“Anunciamos que por la eternidad pasamos la página negra de la división”, declaró el presidente palestino y jefe del Fatah, Mahmud Abas, durante una ceremonia que marcó la conclusión de un acuerdo de reconciliación entre los palestinos.
Abas también advirtió a Israel, muy hostil a este acuerdo, que tenía que “elegir entre la colonización y la paz”.
El jefe del buró político del movimiento islamista Hamas, Jaled Mechaal, declaró por su parte que “nuestro único combate es contra Israel”, y que el tiempo de los antagonismos y de las violencias que minaron el campo palestino “quedó atrás”.
El último encuentro entre los dos hermanos enemigos data de abril de 2007, unas semanas antes de que el Hamas tomara el control de la franja de Gaza, lo que marcó la ruptura entre los dos movimientos rivales.

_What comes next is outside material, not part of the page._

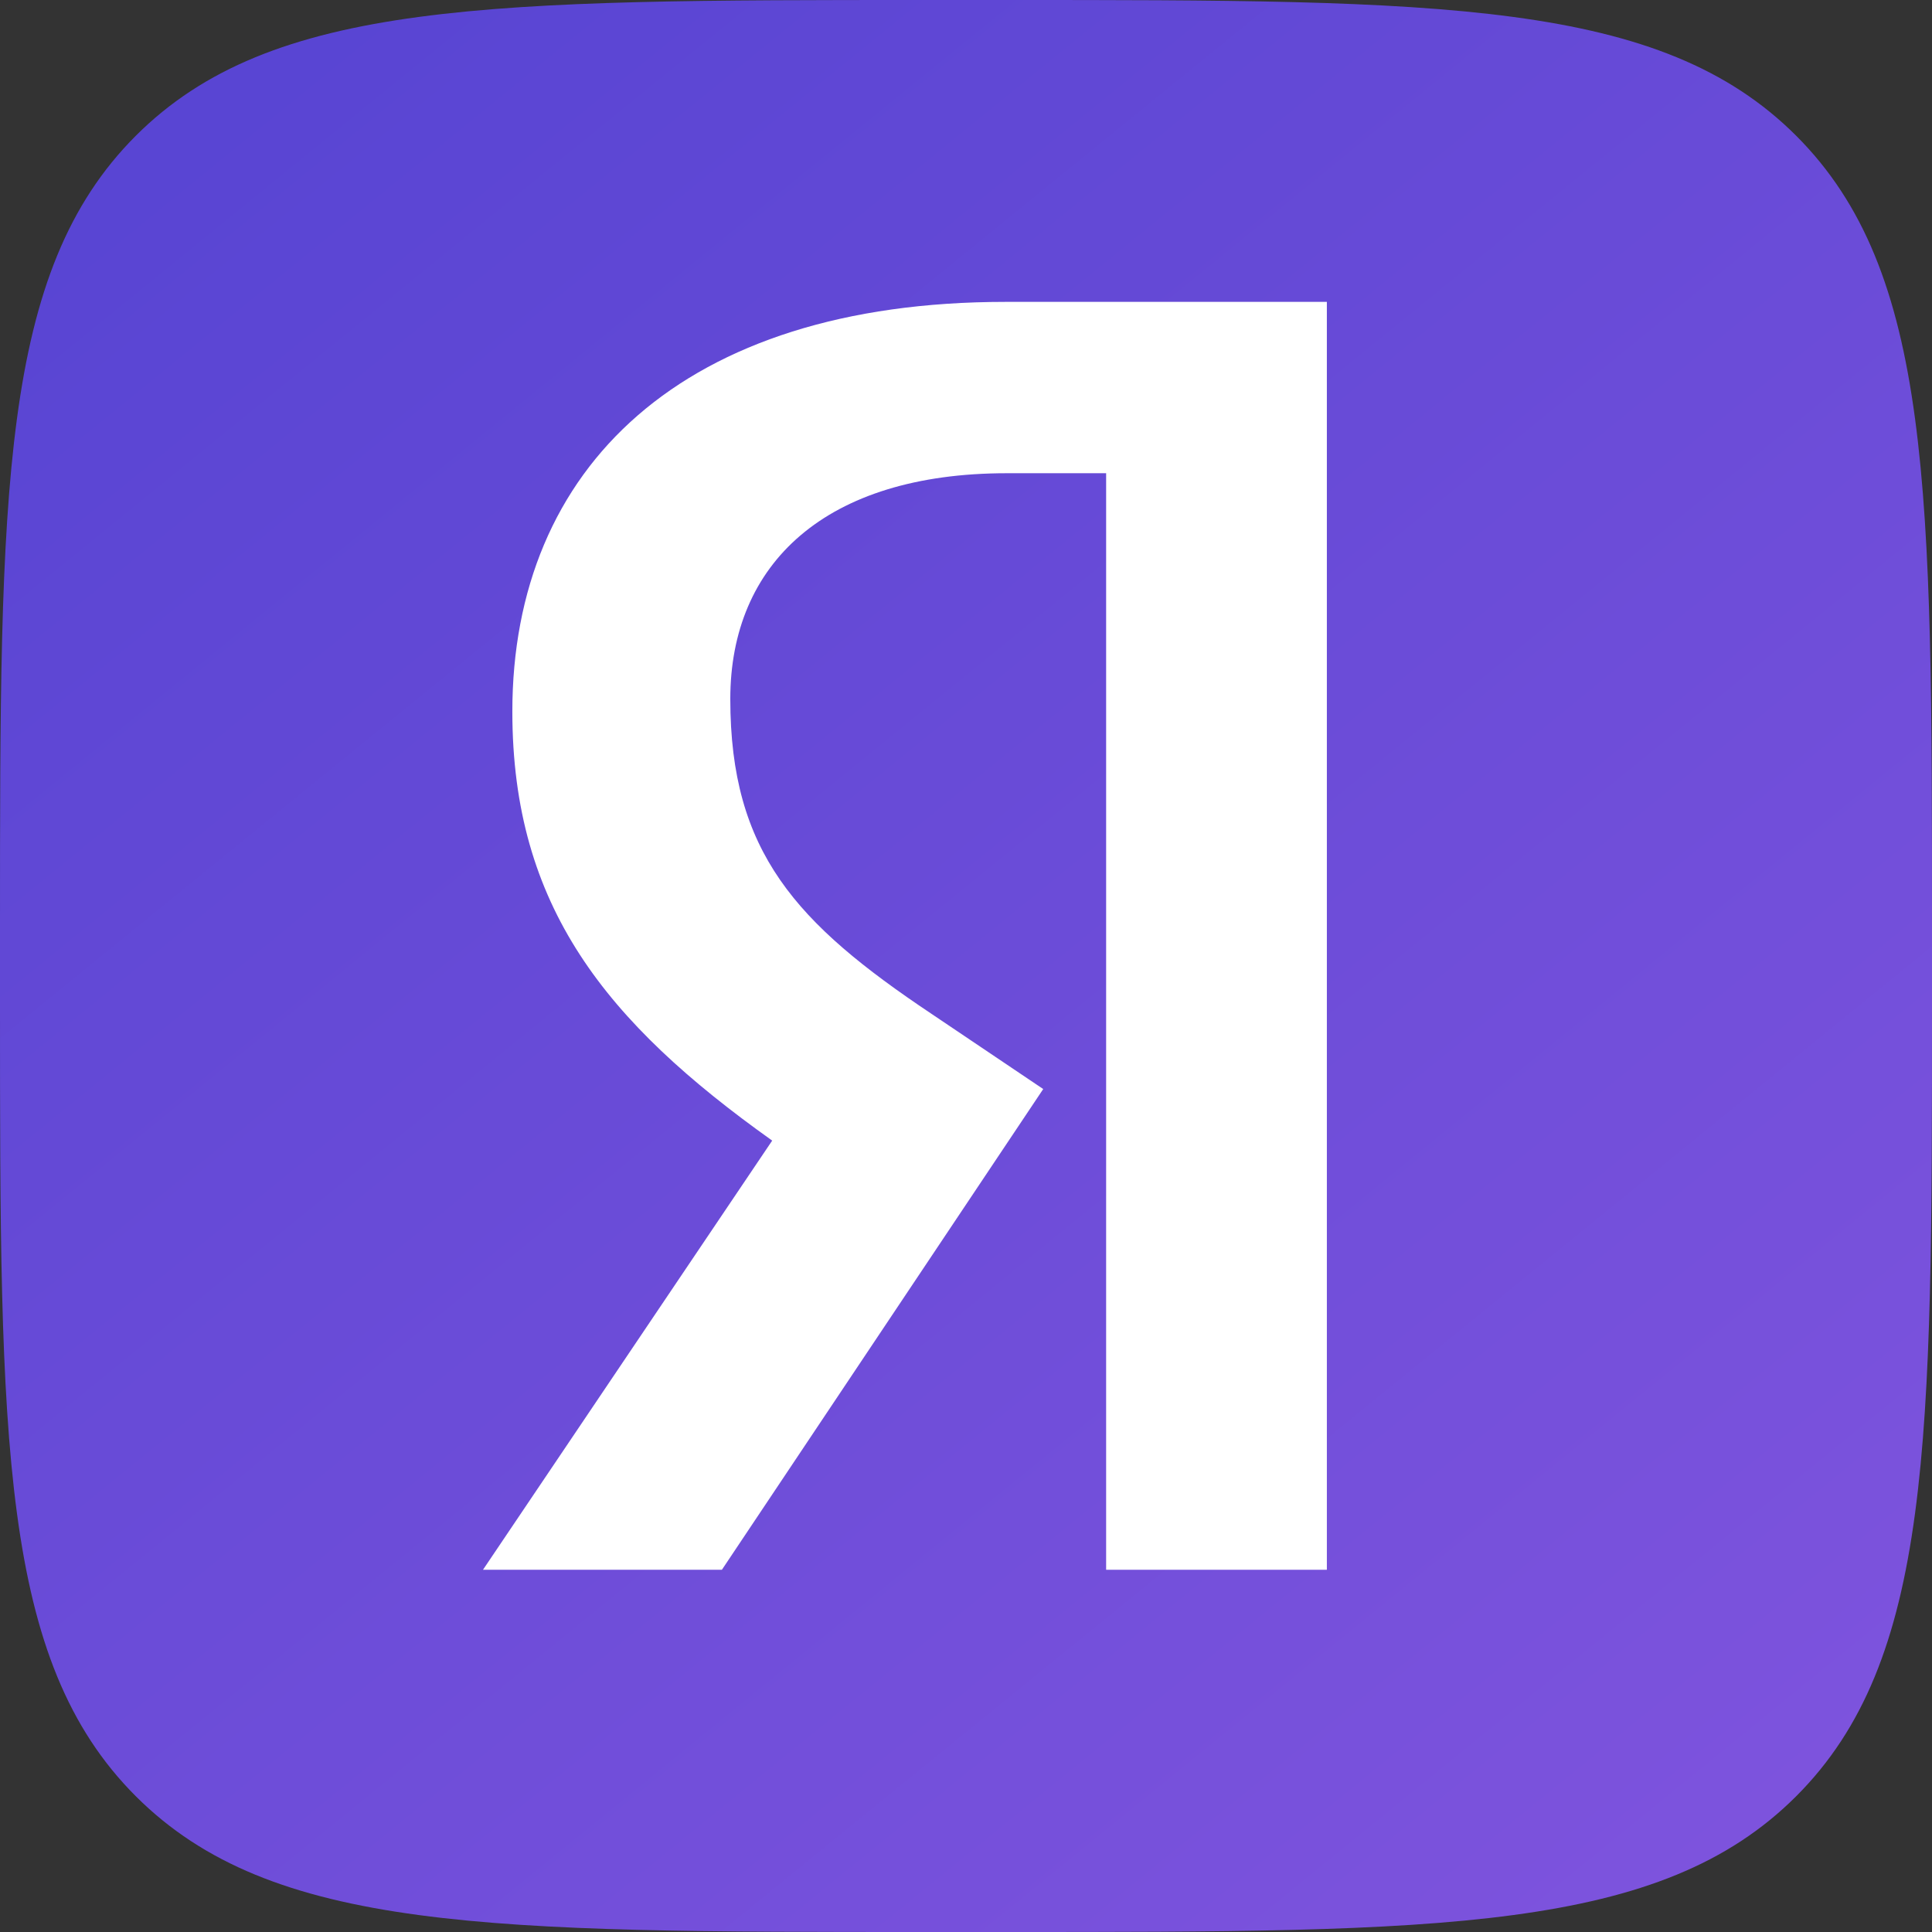 <?xml version="1.0" encoding="UTF-8"?> <svg xmlns="http://www.w3.org/2000/svg" width="32" height="32" viewBox="0 0 32 32" fill="none"><rect x="0" y="0" width="32" height="32" fill="#333333" stroke="none"/> <path d="M0 15.36C0 8.119 0 4.499 2.249 2.249C4.499 0 8.119 0 15.36 0H16.64C23.881 0 27.501 0 29.751 2.249C32 4.499 32 8.119 32 15.36V16.64C32 23.881 32 27.501 29.751 29.751C27.501 32 23.881 32 16.64 32H15.36C8.119 32 4.499 32 2.249 29.751C0 27.501 0 23.881 0 16.64V15.36Z" fill="url(#paint0_linear_127_3037)"></path> <path d="M22 26H18.321V7.838H16.678C13.669 7.838 12.096 9.338 12.096 11.577C12.096 14.115 13.184 15.292 15.428 16.792L17.279 18.038L11.957 26H8L12.79 18.892C10.036 16.931 8.486 15.015 8.486 11.785C8.486 7.746 11.309 5 16.654 5H21.977V26H22Z" fill="white"></path> <defs> <linearGradient id="paint0_linear_127_3037" x1="3" y1="2.5" x2="27" y2="32" gradientUnits="userSpaceOnUse"> <stop stop-color="#5945D3"></stop> <stop offset="1" stop-color="#7D53DD"></stop> </linearGradient> </defs> </svg>

El primer ministro israelí Benjamin Netanyahu, de visita en Londres, denunció un “duro golpe para la paz y una gran victoria para el terrorismo”.
En múltiples ocasiones, Netanyahu afirmó que el acuerdo Fatah-Hamas era una amenaza para el reinicio de conversaciones de paz con Israel, actualmente bloqueadas por la cuestión de la colonización israelí en Cisjordania.